Remote Work Tools

Woodpecker CI is a lightweight, open-source CI system forked from Drone. It runs on your own hardware, integrates with Gitea, GitHub, GitLab, and Forgejo, and uses a simple YAML pipeline syntax. For remote teams that want GitHub Actions-style workflows without GitHub’s pricing or data residency concerns, it’s the cleanest self-hosted option.

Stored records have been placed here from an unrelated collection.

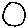
Label: circle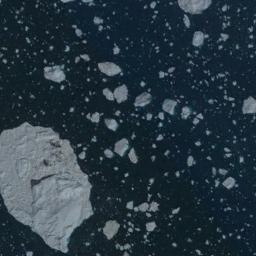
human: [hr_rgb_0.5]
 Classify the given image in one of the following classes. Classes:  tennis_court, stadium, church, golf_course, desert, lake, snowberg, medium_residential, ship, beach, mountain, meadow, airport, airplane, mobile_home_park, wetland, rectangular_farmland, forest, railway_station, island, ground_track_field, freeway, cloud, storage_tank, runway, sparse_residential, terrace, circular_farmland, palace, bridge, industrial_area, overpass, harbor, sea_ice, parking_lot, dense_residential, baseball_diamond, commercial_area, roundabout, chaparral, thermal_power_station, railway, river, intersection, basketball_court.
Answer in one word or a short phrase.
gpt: sea_ice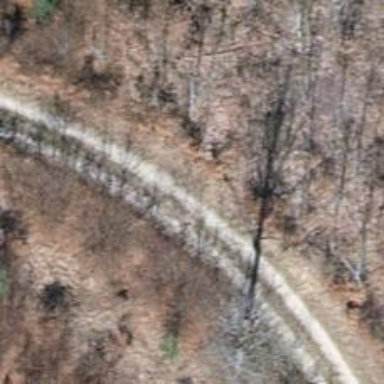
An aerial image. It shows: Gravel track with grade 2 quality.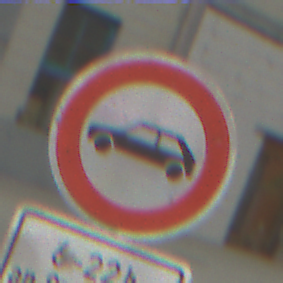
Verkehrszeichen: VerbotPersonenkraftwagen
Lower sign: ZeitangabenMitBeschraenkungAufWochentage4
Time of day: MorningAfternoon
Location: Outdoor (Suburban)
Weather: PartlyCloudy
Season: NotSpecified
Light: Natural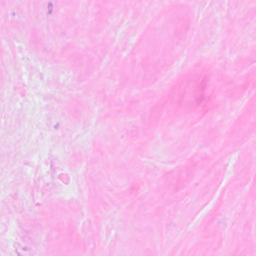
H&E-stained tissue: Breast
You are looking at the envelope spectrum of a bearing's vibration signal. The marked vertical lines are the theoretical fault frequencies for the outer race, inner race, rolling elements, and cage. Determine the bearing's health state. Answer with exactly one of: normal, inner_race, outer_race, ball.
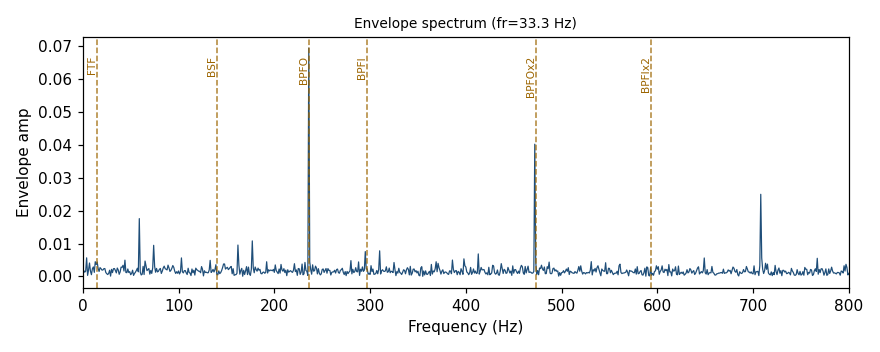
Answer: outer_race
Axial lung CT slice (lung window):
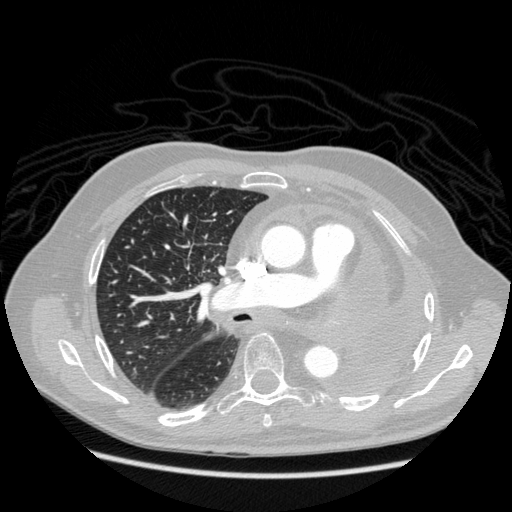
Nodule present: no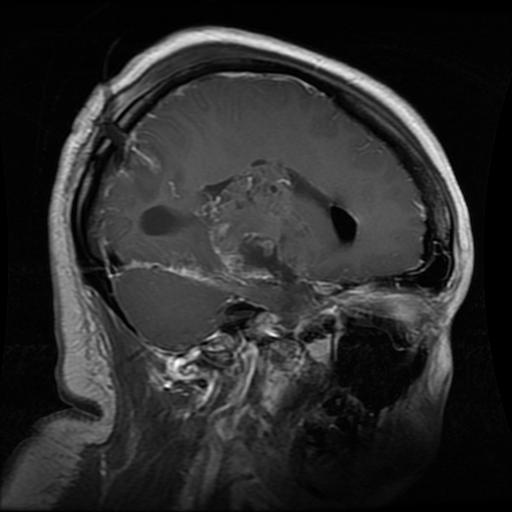
Label: glioma
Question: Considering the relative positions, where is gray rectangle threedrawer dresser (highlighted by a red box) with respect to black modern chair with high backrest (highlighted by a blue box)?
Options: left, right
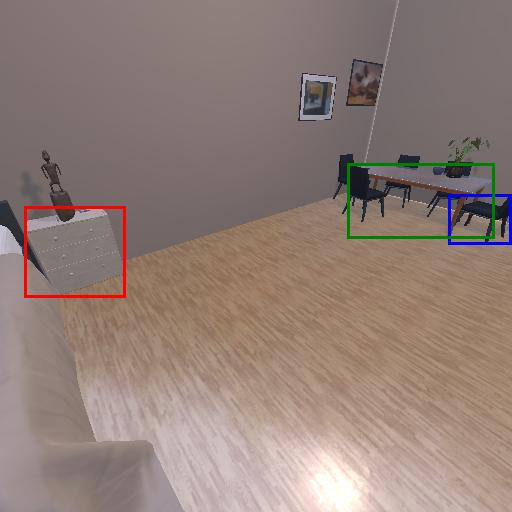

The operational footprint is minimal: a server process and one or more agents. The server handles scheduling and the web interface. Agents execute pipeline steps in isolated Docker containers. Both communicate over gRPC. You can start with everything on one host and add agents on separate machines as build volume grows.

Architecture Overview

Woodpecker has two components:

Both communicate over gRPC. The server stores state in SQLite (small teams) or PostgreSQL (production).

Each pipeline step runs in its own Docker container, pulled fresh for each build. Steps within a pipeline share a workspace volume so files written by one step (like a compiled binary) are available to the next. This model is simpler than GitHub Actions’ runner model and easier to debug — you can reproduce any step locally by running the same Docker image with the same commands.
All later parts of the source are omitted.